Entries taken from a collection:
>>>>>

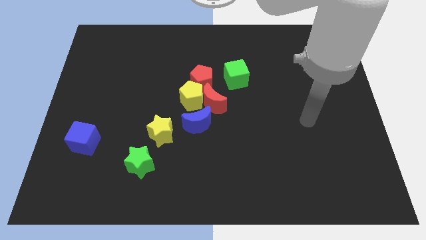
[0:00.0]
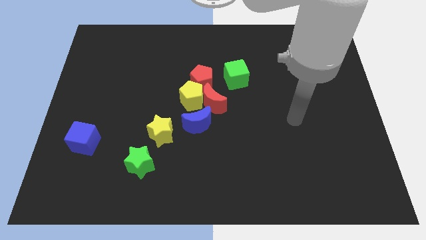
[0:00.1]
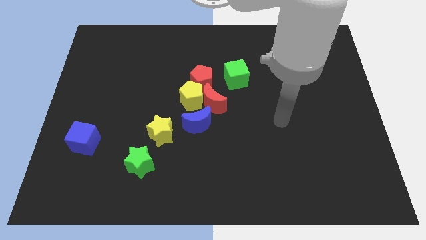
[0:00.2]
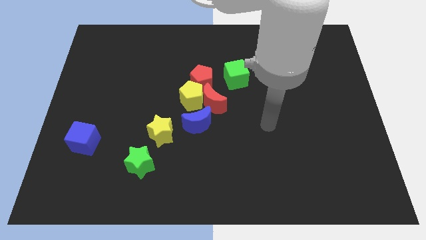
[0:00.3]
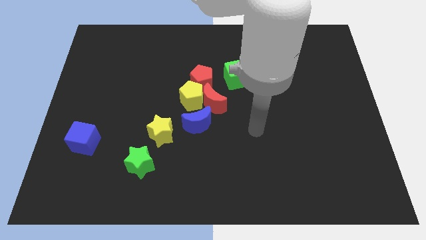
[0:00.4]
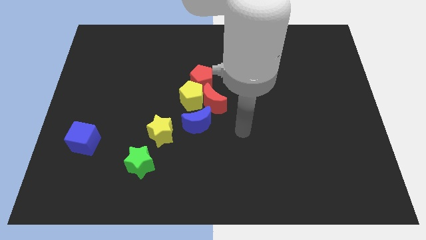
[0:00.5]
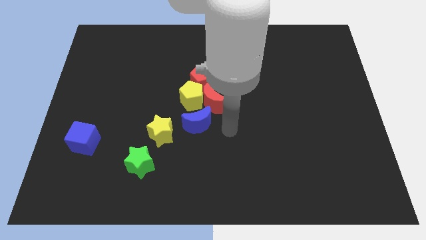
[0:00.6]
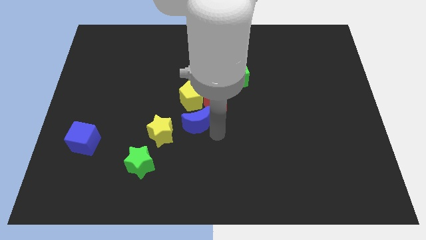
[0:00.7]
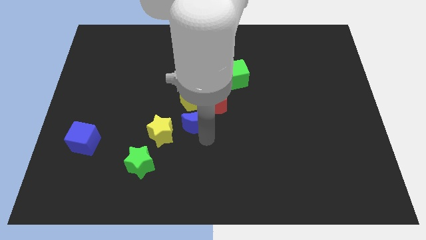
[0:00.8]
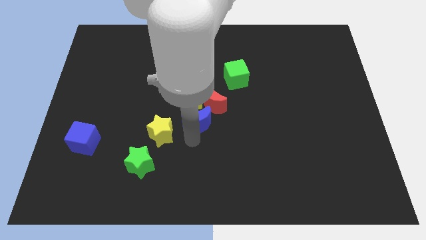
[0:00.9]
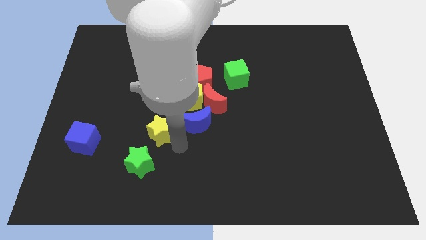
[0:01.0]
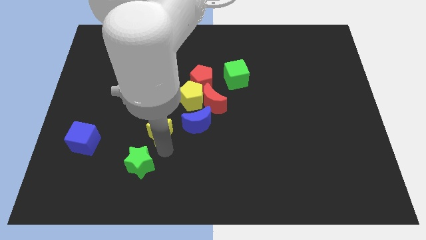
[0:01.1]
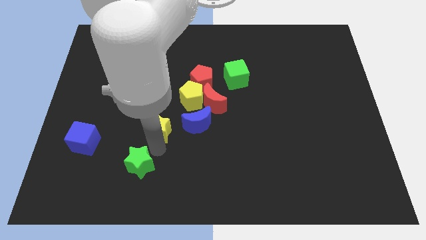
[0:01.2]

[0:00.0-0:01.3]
put the blue cube just left of the yellow star

<<<<<

PROMPT
Each entry above needs to be restated without a single word changed; skip the images.

SOLVED PROBLEM
[0:00.0]
[0:00.1]
[0:00.2]
[0:00.3]
[0:00.4]
[0:00.5]
[0:00.6]
[0:00.7]
[0:00.8]
[0:00.9]
[0:01.0]
[0:01.1]
[0:01.2]

[0:00.0-0:01.3]
put the blue cube just left of the yellow star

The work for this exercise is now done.